Weight Quantization

I’m trying to implement the fixed point version of VGG 16. I want to start with the pre-trained VGG 16 with the floating point weight precision, then I wand to add a quantization layer before each convolutional layer which quantized the floating point weights into fixed point format (e.g., 8bits ) before multiplied by feature map in conolutional layers. My quantization function is :

wq = clip(round(w/stp), a,b)

where w,wq,stp, a and b are floating point weight, quantized weight, step size , min value and max value, respectively.

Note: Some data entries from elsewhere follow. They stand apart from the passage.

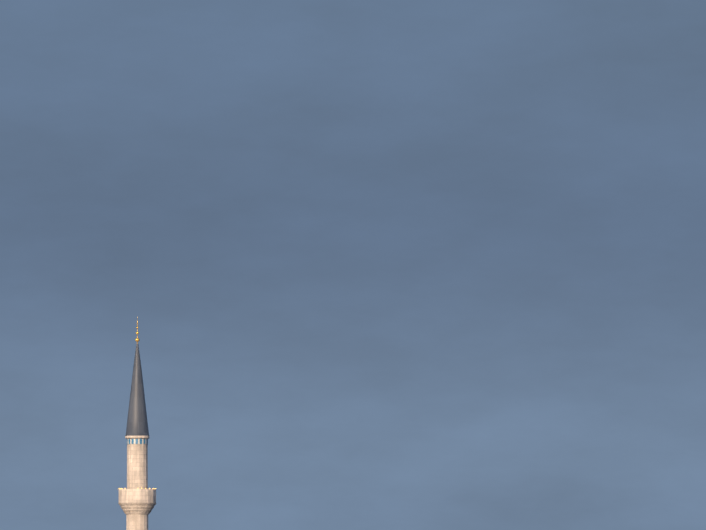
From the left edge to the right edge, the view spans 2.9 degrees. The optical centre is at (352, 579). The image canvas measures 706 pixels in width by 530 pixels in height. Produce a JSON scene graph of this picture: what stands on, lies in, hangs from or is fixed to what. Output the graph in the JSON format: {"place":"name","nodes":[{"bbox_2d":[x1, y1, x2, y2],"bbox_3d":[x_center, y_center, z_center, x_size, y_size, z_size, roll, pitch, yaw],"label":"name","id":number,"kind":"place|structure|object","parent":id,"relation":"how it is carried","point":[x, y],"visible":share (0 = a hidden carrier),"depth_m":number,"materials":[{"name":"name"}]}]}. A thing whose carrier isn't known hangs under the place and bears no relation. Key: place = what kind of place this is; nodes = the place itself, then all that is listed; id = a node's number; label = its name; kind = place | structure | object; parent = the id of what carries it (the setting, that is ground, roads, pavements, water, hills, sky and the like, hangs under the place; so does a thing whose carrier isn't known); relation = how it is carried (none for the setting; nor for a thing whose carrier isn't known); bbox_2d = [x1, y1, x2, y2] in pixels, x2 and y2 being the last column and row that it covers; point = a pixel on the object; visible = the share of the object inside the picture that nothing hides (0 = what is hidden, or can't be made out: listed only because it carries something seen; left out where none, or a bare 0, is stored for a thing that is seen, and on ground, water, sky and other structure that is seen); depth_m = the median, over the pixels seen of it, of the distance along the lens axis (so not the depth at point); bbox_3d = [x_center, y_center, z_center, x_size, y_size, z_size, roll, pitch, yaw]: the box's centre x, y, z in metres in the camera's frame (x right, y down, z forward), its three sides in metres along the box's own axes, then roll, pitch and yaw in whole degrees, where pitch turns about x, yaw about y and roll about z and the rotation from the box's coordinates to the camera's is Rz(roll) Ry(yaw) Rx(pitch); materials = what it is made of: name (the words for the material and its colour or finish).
{"place":"outdoors","nodes":[
{"label":"outdoors","id":0,"kind":"place"},
{"bbox_2d":[0,0,705,529],"label":"sky","id":1,"kind":"structure","parent":0,"point":[379,264],"materials":[{"name":"blue"}]},
{"bbox_3d":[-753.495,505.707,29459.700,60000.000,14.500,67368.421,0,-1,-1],"label":"ground","id":2,"kind":"structure","parent":0,"visible":0},
{"bbox_2d":[118,436,155,529],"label":"minarets","id":3,"kind":"object","parent":2,"relation":"on","point":[137,503],"depth_m":1987.26,"materials":[{"name":"stone"}]},
{"bbox_2d":[125,344,148,435],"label":"minaret spires","id":4,"kind":"object","parent":3,"relation":"on","point":[137,423],"depth_m":1987.96,"materials":[{"name":"grey metal"}]},
{"bbox_2d":[135,318,138,343],"bbox_3d":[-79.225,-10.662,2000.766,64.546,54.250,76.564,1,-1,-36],"label":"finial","id":5,"kind":"object","parent":4,"relation":"on","point":[137,338],"depth_m":1988.95,"materials":[{"name":"gold metal"}]},
{"bbox_2d":[127,439,147,443],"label":"blue minaret bands","id":6,"kind":"object","parent":3,"relation":"on","point":[137,441],"depth_m":1987.44,"materials":[{"name":"tile"}]}
]}

Then I want to fine tune my model with the quantized wieght.
So far, I have defined a new layer as quantization layer which accept the floating point weight as the input and returns the quantized value of weight. here is my questions:

  1. Is the the best way to impeliment fixed point network?
  2. Do I need to define a new backward method to be used during the traning(fine tuning) process ?
  3. How can I feed the weight of each convolution layer to the quantization layer ? or How can I use this layer in my model architecture?
class Linear_Quantization(nn.Module):
  def __init__(self):
    super().__init__()
    self.bit_width=8
    self.step_size = Parameter(torch.Tensor(1))
  
  def forward(self, x):
    x = torch.round(x/self.step_size) 
    x = torch.clamp(x, min = -2**(self.bit_width-1) , max = (2**(self.bit_width-1)-1))
    x = x*self.step_size
    return x

Hey Amin,
Were you able find answers for these, I am trying to solve similar issue it would be helpful if you can share the information

Hey Samira,

Recently, Pytorch has provided a wide range of quantization approaches. You can find more details here.

Regards
Amin

Thank you, Amin
I was looking to quantize a model to 4 bit, currently pytorch has it implemented for 8 bit. I was trying to create my own Qconfig and provide the FakeQuantization with minlevel and maxlevel. Do you think this is the right way of achieving it?

I am trying to do the same thing Sairam954. Has it worked for you that way? Technically, that makes sense.